VDI environments have often borne the brunt of storage performance issues simply due to the number of VMs involved, poor client software that was never written to be careful with storage IO and latency along with operational update procedures used to mass updates of AV/patching etc. that simply kill any storage. VDI was often incorrectly justified with cost reduction as part of the benefit which meant you never had any money to spend on storage for what ultimately grew into a massive environment with annoyed users battling poor performance.

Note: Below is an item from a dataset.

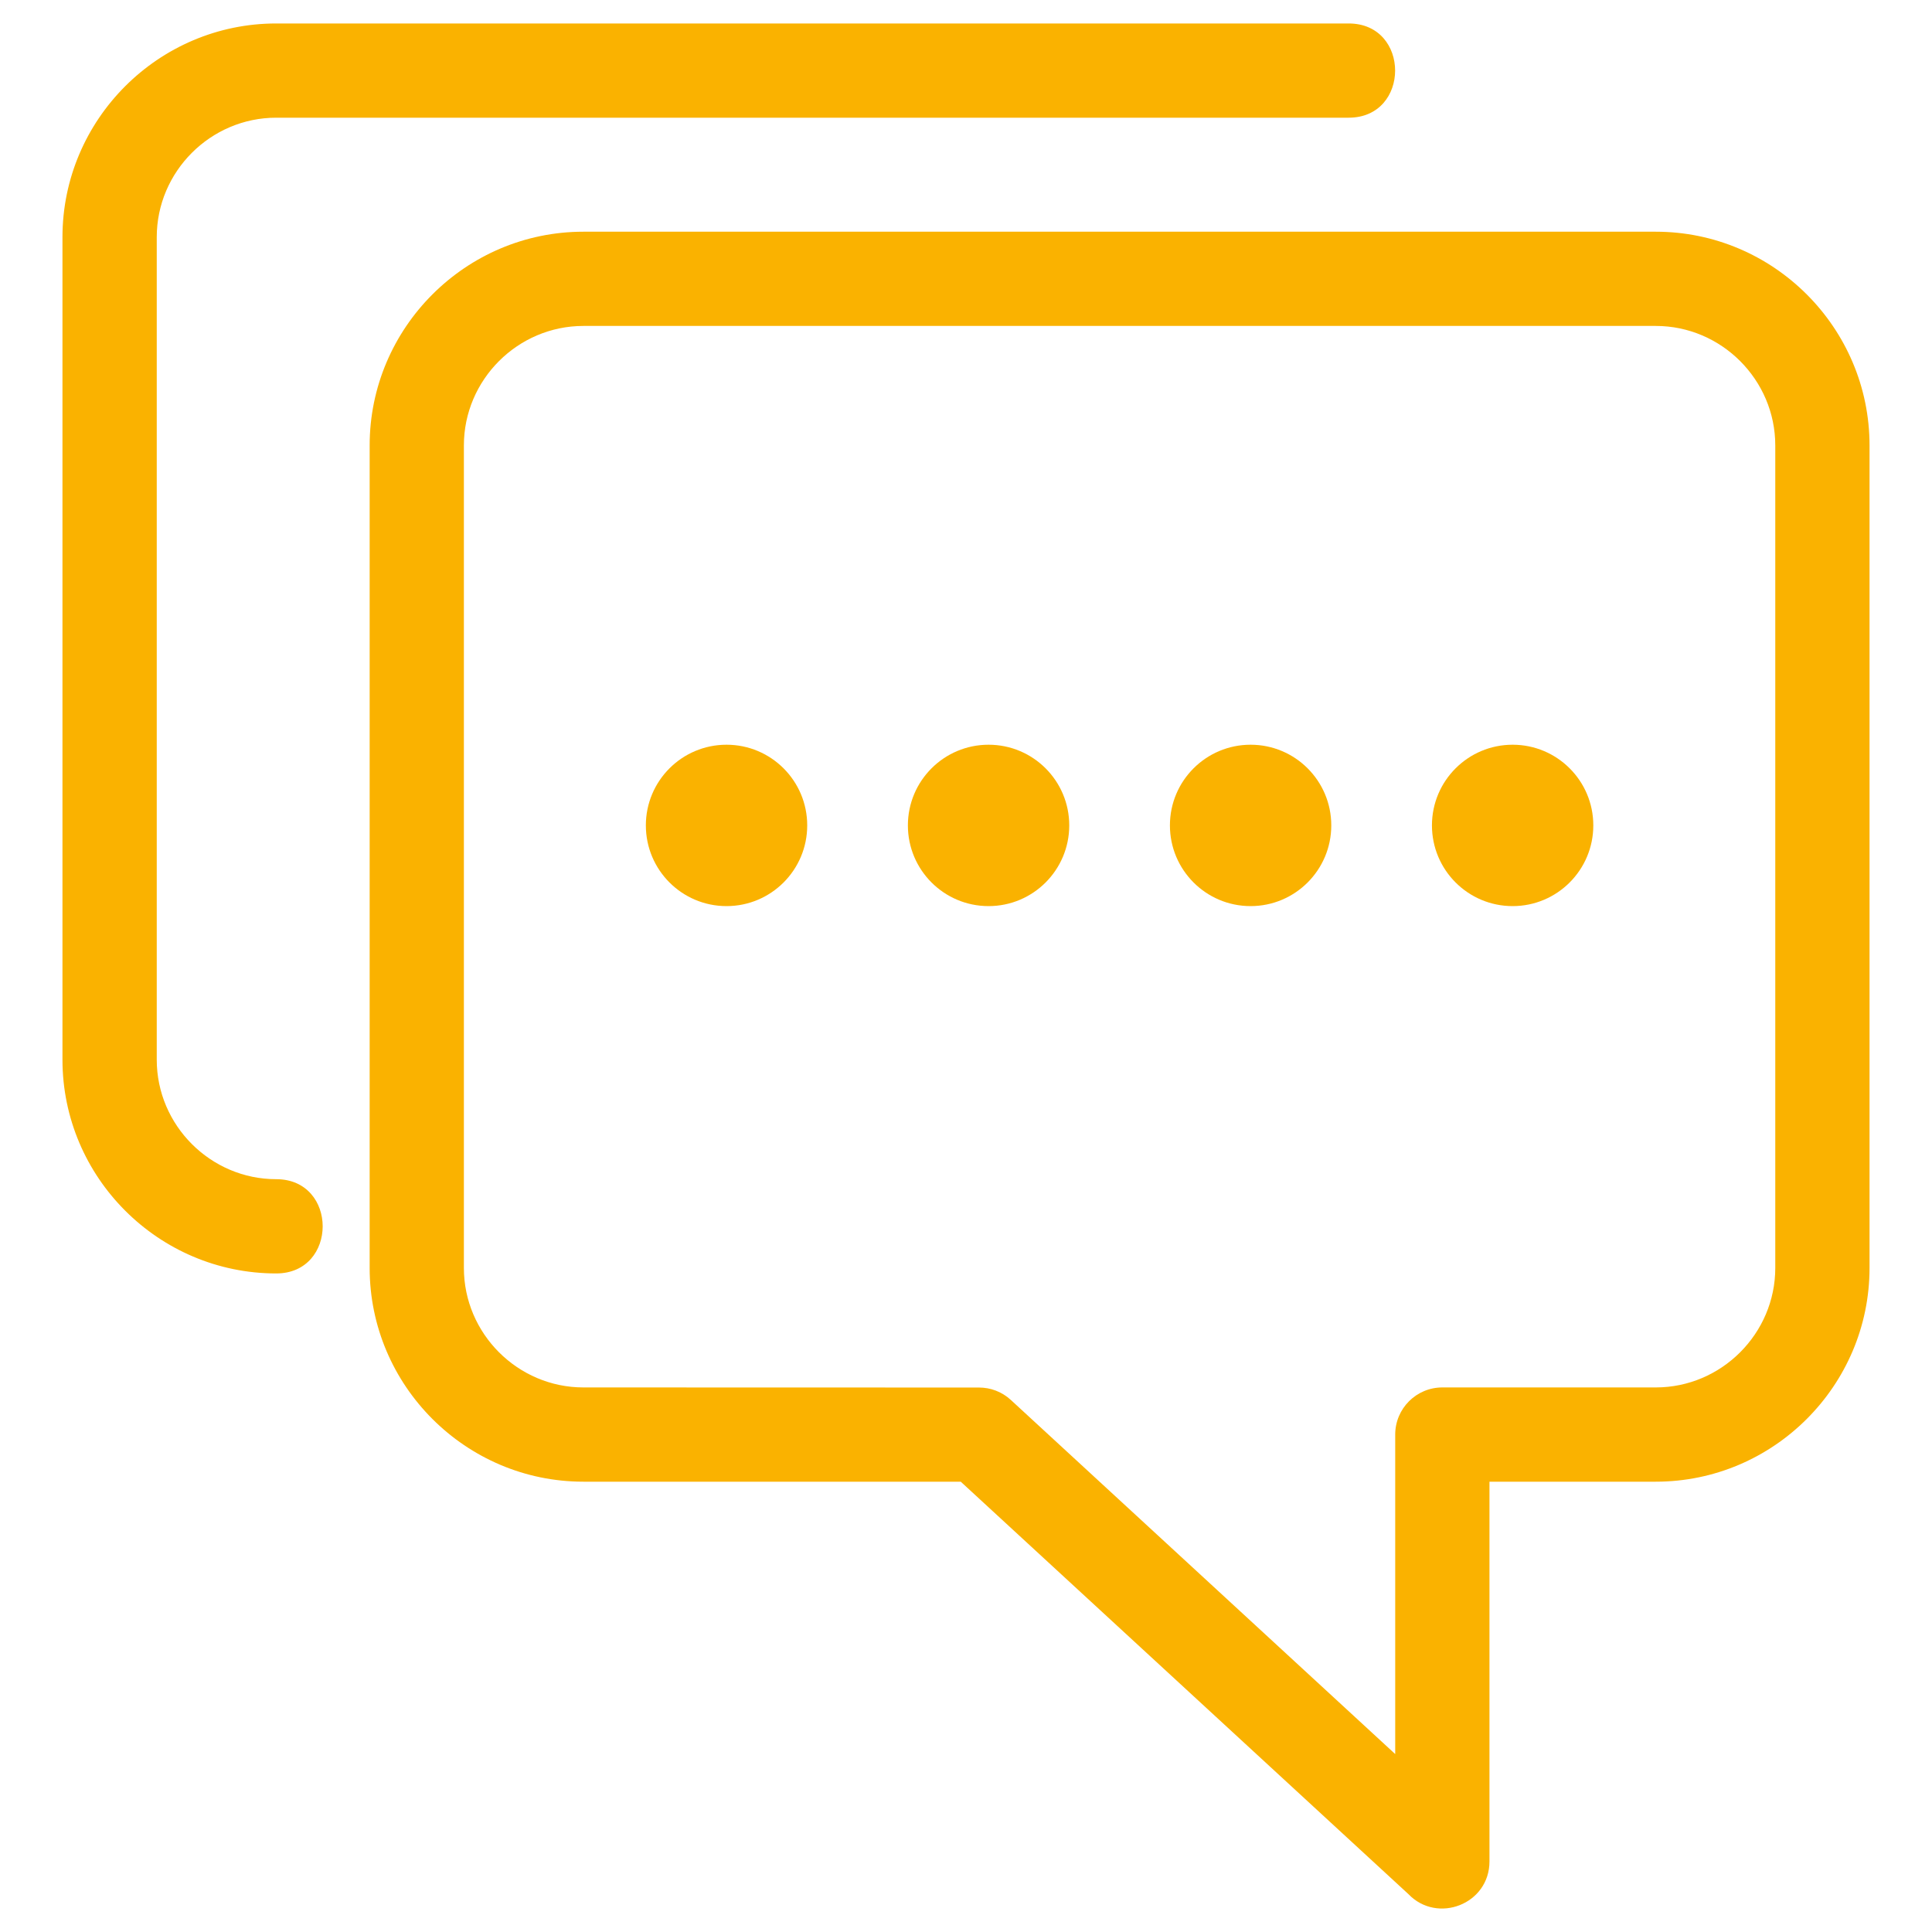 <svg xmlns="http://www.w3.org/2000/svg" width="75" height="75" viewBox="0 0 75 75" fill="none"><path d="M57.821 57.519V72.261C57.821 73.92 55.797 74.701 54.672 73.527L37.296 57.519H22.646C18.079 57.519 14.35 53.79 14.35 49.222V17.291C14.35 12.724 18.079 8.995 22.646 8.995H64.278C68.845 8.995 72.575 12.723 72.575 17.291V49.222C72.575 53.79 68.845 57.519 64.278 57.519H57.821ZM28.204 28.91C29.934 28.91 31.336 30.312 31.336 32.042C31.336 33.772 29.934 35.175 28.204 35.175C26.474 35.175 25.072 33.772 25.072 32.042C25.072 30.312 26.474 28.91 28.204 28.91ZM58.72 28.91C60.45 28.91 61.852 30.312 61.852 32.042C61.852 33.772 60.45 35.175 58.72 35.175C56.99 35.175 55.588 33.772 55.588 32.042C55.588 30.312 56.99 28.91 58.72 28.91ZM48.548 28.91C50.278 28.91 51.68 30.312 51.68 32.042C51.68 33.772 50.278 35.175 48.548 35.175C46.818 35.175 45.416 33.772 45.416 32.042C45.416 30.312 46.818 28.91 48.548 28.91ZM38.376 28.91C40.106 28.91 41.508 30.312 41.508 32.042C41.508 33.772 40.106 35.175 38.376 35.175C36.646 35.175 35.244 33.772 35.244 32.042C35.244 30.312 36.646 28.91 38.376 28.91ZM10.722 45.776C13.128 45.776 13.128 49.435 10.722 49.435C6.155 49.435 2.425 45.706 2.425 41.138V9.206C2.425 4.64 6.155 0.911 10.722 0.911H52.354C54.76 0.911 54.76 4.569 52.354 4.569H10.722C8.175 4.569 6.085 6.66 6.085 9.206V41.138C6.085 43.685 8.175 45.776 10.722 45.776ZM54.162 68.093V55.689C54.162 54.679 54.982 53.86 55.992 53.86H64.278C66.825 53.86 68.916 51.769 68.916 49.222V17.291C68.916 14.744 66.825 12.653 64.278 12.653H22.646C20.099 12.653 18.008 14.744 18.008 17.291V49.222C18.008 51.769 20.099 53.86 22.646 53.86L38.005 53.864C38.447 53.864 38.891 54.023 39.241 54.346L54.162 68.093Z" fill="#FAB200"></path></svg>

Large performance critical VMs are also affected by storage. Any IO that has to travel along a remote path to a storage array is going to be that little bit slower. Your big databases would benefit enormously by reducing this round trip time.

FVP

Home

Along came PernixData at just the right time with what was such a simple solution called FVP. Install some flash SSD or PCIe into your ESXi host, cluster them as a pooled resource and then use software to offload IO from the storage array to the ESXi host. Even better, be able to cache writes as well and also protect them in the flash cluster. The best IO in the world is the IO you don’t have to do and you could give your storage array a little more breathing room. The benefit was you could use your existing array with its long update cycles and squeeze a little bit more life out of it without an expensive upgrade or even moving VM storage. FVP the name doesn’t stand for anything by the way, it doesn’t stand for Flash Virtualisation Platform if you were wondering which would be incorrect anyway as FVP accelerates more than flash.